Spanish Prime Minister Pedro Sánchez wants to make the fight against disinformation a priority with a plan for “democratic renewal”, though the country’s conservative opposition has blasted it as an attempt to censor critical media.
Sánchez is to join Brazilian President Luiz Inácio Lula da Silva to discuss the issue Tuesday (24 September) on the sidelines of the UN General Assembly in New York.
Brazil’s Supreme Court recently ordered a block on Elon Musk’s X social network after it failed to respect judicial orders regarding “fake news”.
Sánchez’s leftist government unveiled last week a plan for fighting fake news over the remaining three years of his term.
It includes the creation of a public registry listing newspapers, their owners and their advertising revenues, as well as measures to increase the right to privacy and the correction of inaccurate information.
Sánchez announced earlier this year that he would take steps to fight a “filth factory” spreading “disinformation and defamation”.
The move came after a court opened an inquiry into his wife, Begona Gomez, over allegations of corruption and influence-peddling filed by a group with links to the far right.

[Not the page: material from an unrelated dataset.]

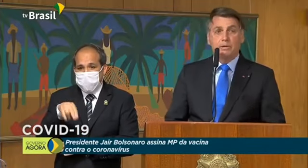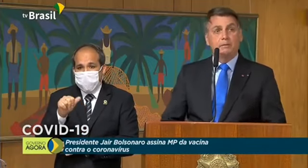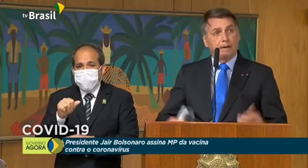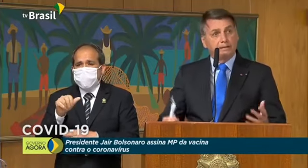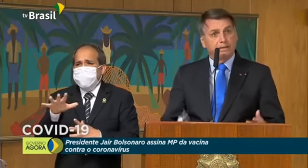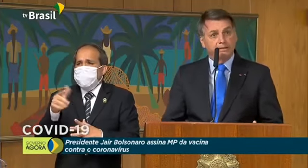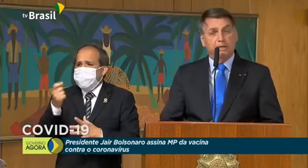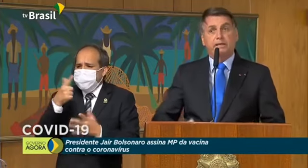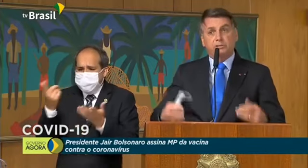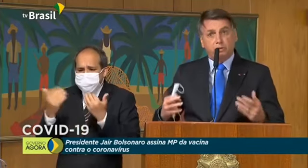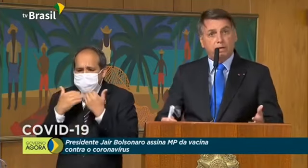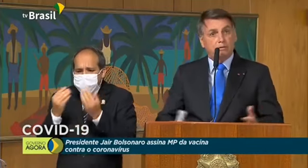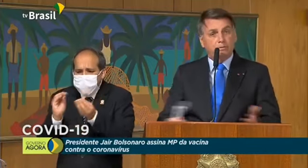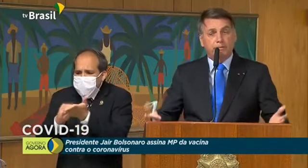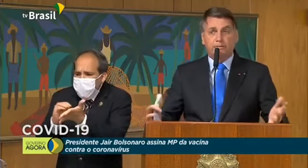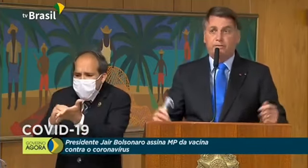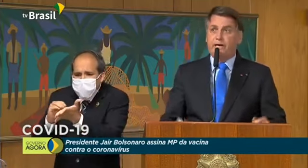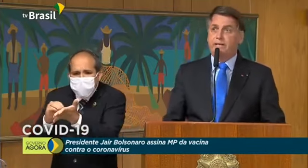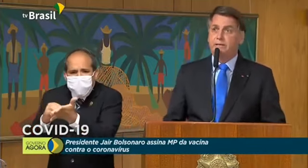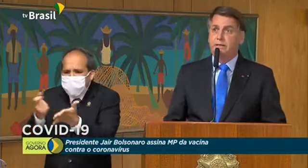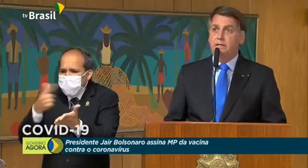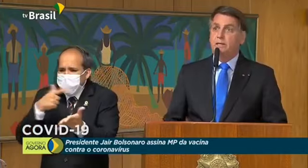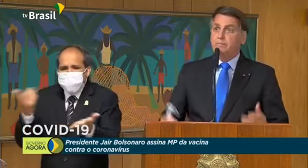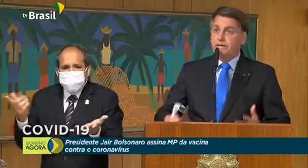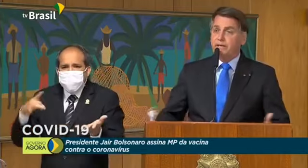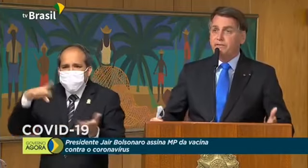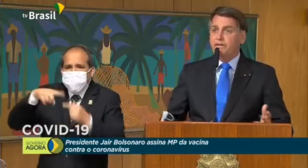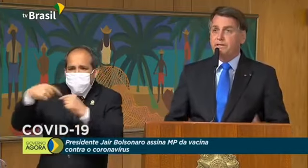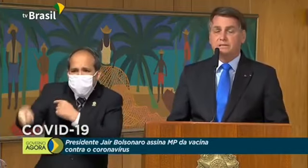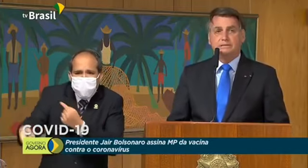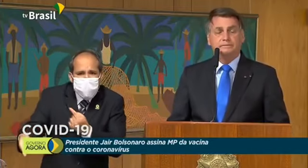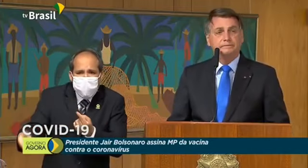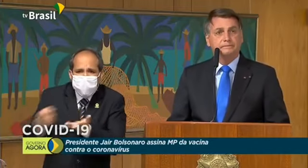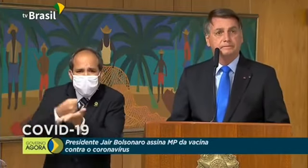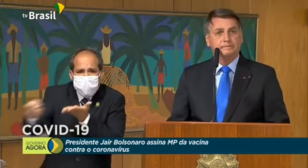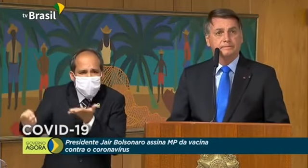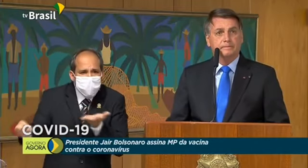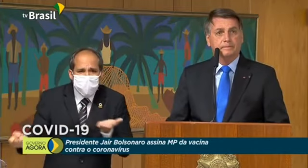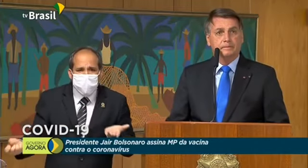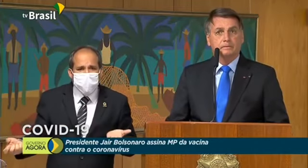cérebro, para entender que é jogar comprimido fora. E perder vidas.

The group has said its claims against Gomez were based on media reports.
Franco comparison
Raúl Magallón, a communications professor at Madrid’s Carlos III University, said the government’s measures were “a step in the right direction” but “won’t solve all the problems”.
“Insofar as they can help increase public confidence in the media, I think that is positive,” he told AFP.
But the head of the main conservative opposition Popular Party (PP), Alberto Núñez Feijóo, called the plan “an offensive against judges, journalists and the media, a plan for censorship”.
“We haven’t seen anything like this since Franco,” he said in parliament, referring to Francisco Franco, the dictator who ruled Spain until his death in 1975.
Magallón said the legacy of the Franco dictatorship, which tightly controlled the media, made any sort of press regulations a sensitive issue in Spain.
Most of the measures proposed by Sánchez’s government would bring Spain in line with the European Media Freedom Act, approved by the European Parliament in March with the backing of the PP’s four European lawmakers.
“This is yet another contradiction by the Popular Party,” Paloma Roman, a political scientist at Madrid’s Complutense University, told AFP.
“I think the PP will continue because its objective is to continue its frontal opposition” to the government, she said.
‘International leadership role’
While many of the government’s proposals would transpose binding EU regulations, some will require the approval of new laws.
That poses a challenge for Sánchez’s government, which lacks a majority in Spain’s deeply fragmented parliament.
“It will take time to materialise, if that is even possible,” Roman said.
Cristina Monge, a political scientist, said the government’s proposals were more complicated than had been expected.
“We all thought at the time that this plan would be something simple, but we have seen that this is not the case, so I don’t know exactly how all this is going to come about,” she told AFP.
But Monge said that even if Sánchez fails to win majority support for his plan, the Socialist premier could see this as an opportunity to enhance his international stature.
“I think that Pedro Sánchez will want to play an international leadership role on the issue of disinformation, and this meeting with Lula is an example of this,” she said.